● **Your assignment**
The records below are to be repeated exactly, minus any pictures.

Stored dataset items:
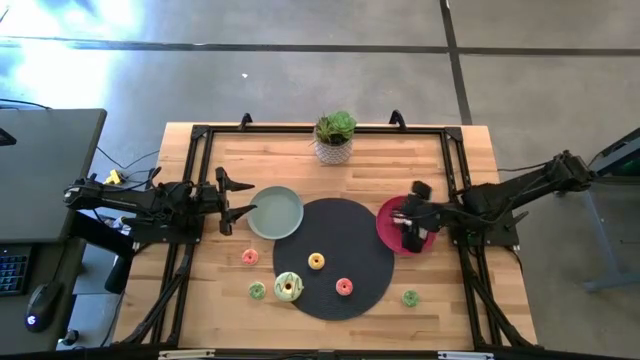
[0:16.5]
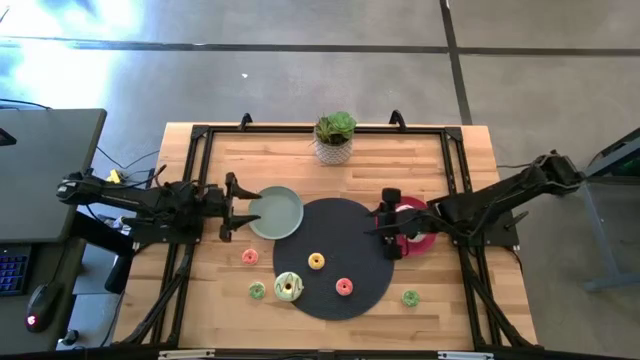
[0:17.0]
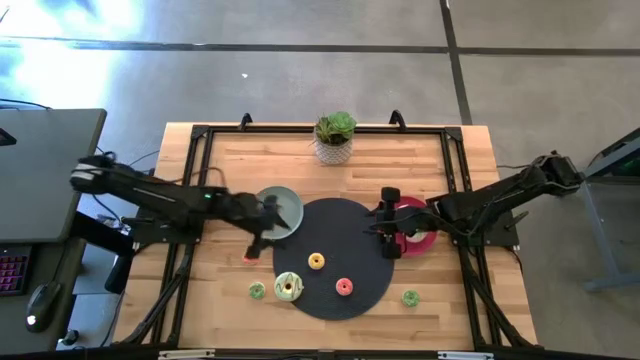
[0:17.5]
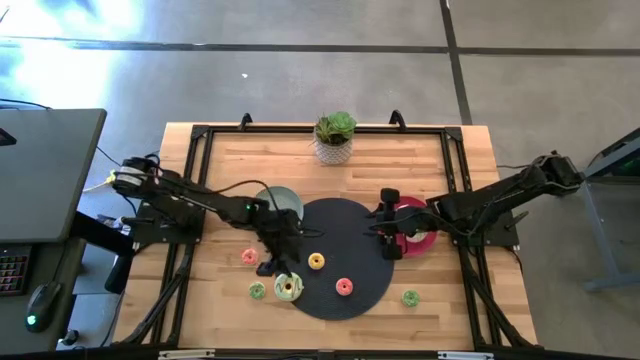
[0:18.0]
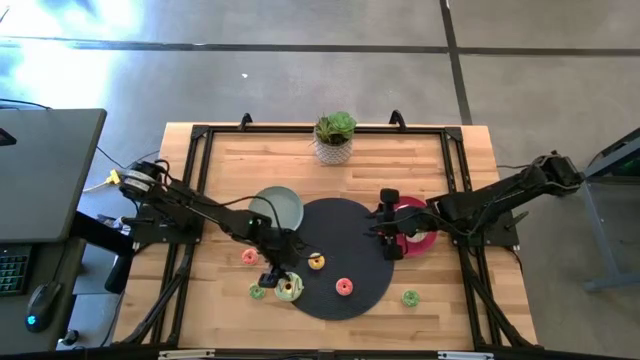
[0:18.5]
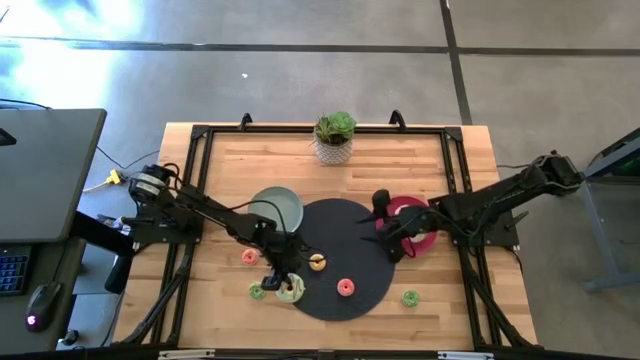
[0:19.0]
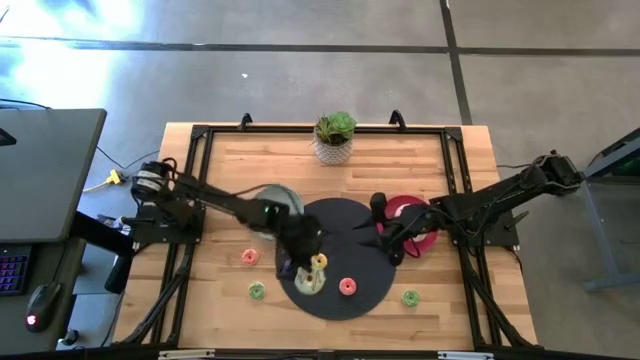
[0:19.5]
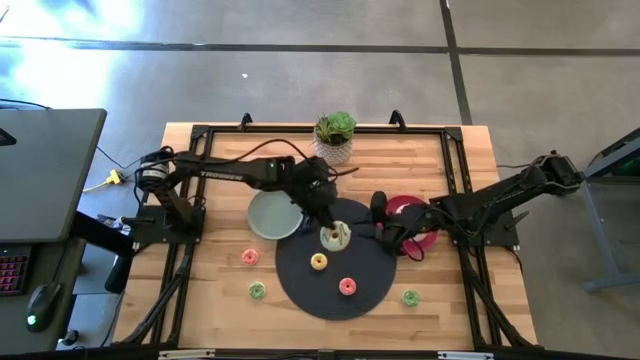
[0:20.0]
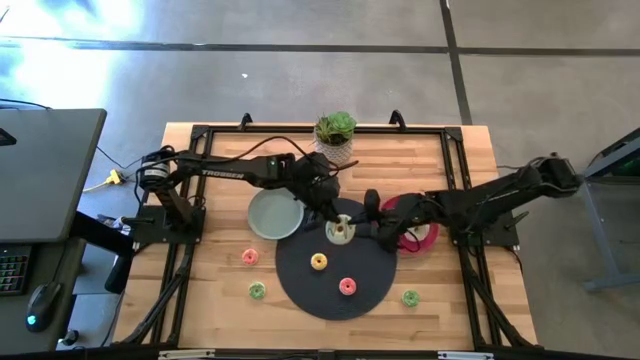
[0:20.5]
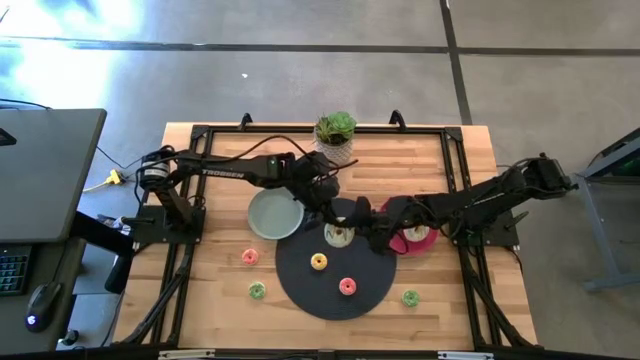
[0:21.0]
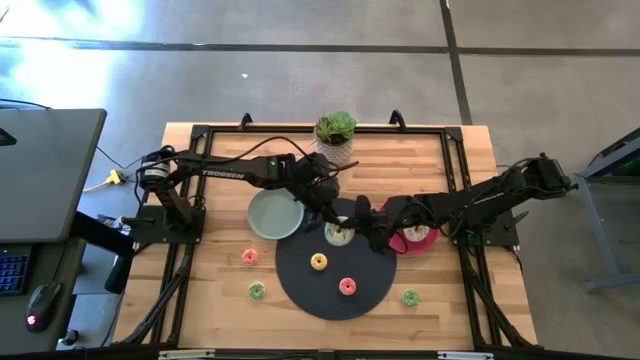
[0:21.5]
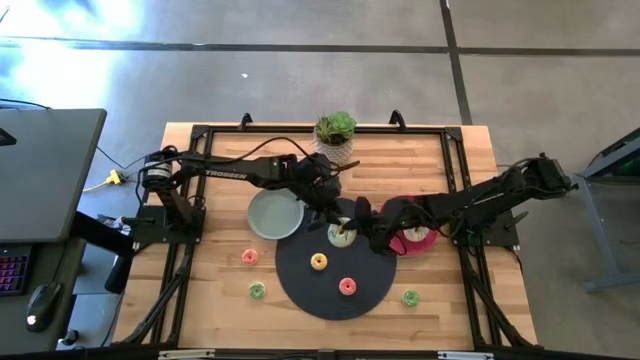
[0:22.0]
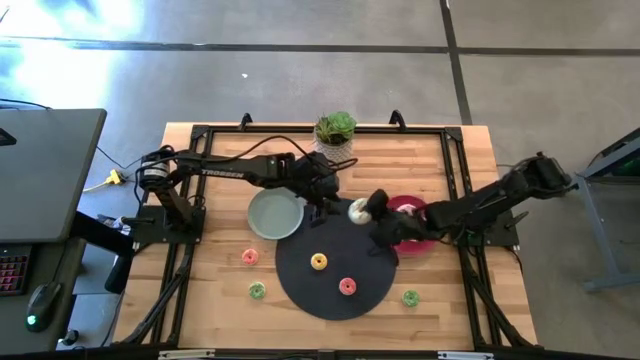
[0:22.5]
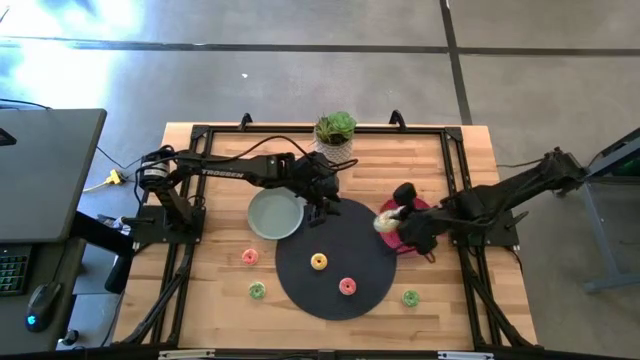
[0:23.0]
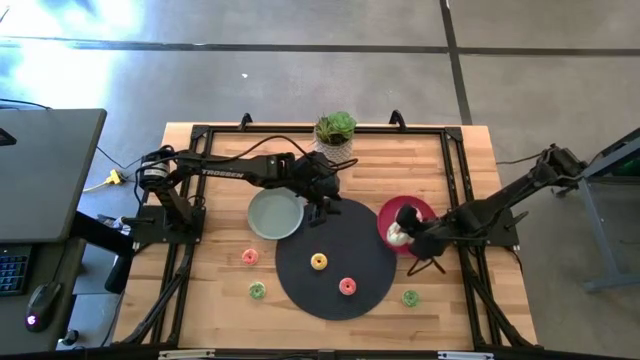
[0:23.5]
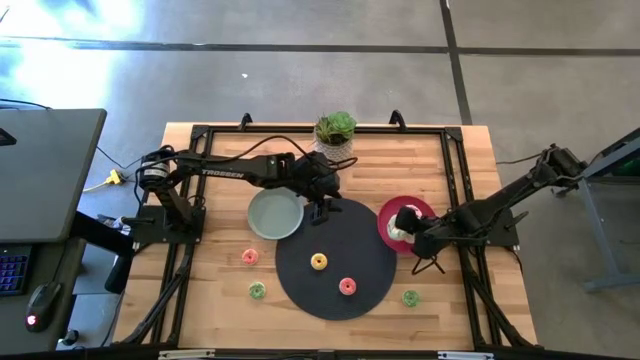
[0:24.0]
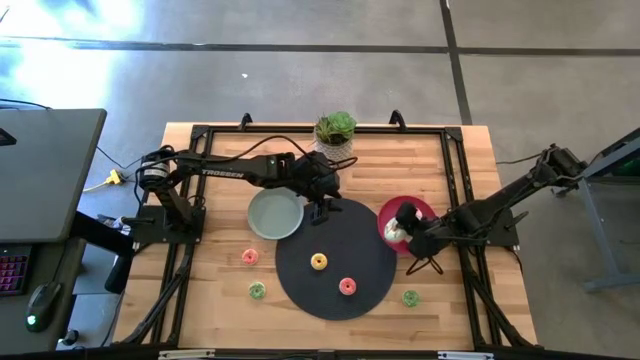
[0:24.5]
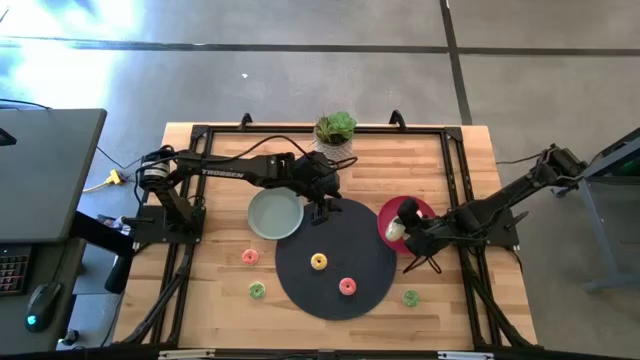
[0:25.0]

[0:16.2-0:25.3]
Task: Pick & Place donuts
Put the large blue donut on the red plate

● **Task output**
[0:16.5]
[0:17.0]
[0:17.5]
[0:18.0]
[0:18.5]
[0:19.0]
[0:19.5]
[0:20.0]
[0:20.5]
[0:21.0]
[0:21.5]
[0:22.0]
[0:22.5]
[0:23.0]
[0:23.5]
[0:24.0]
[0:24.5]
[0:25.0]

[0:16.2-0:25.3]
Task: Pick & Place donuts
Put the large blue donut on the red plate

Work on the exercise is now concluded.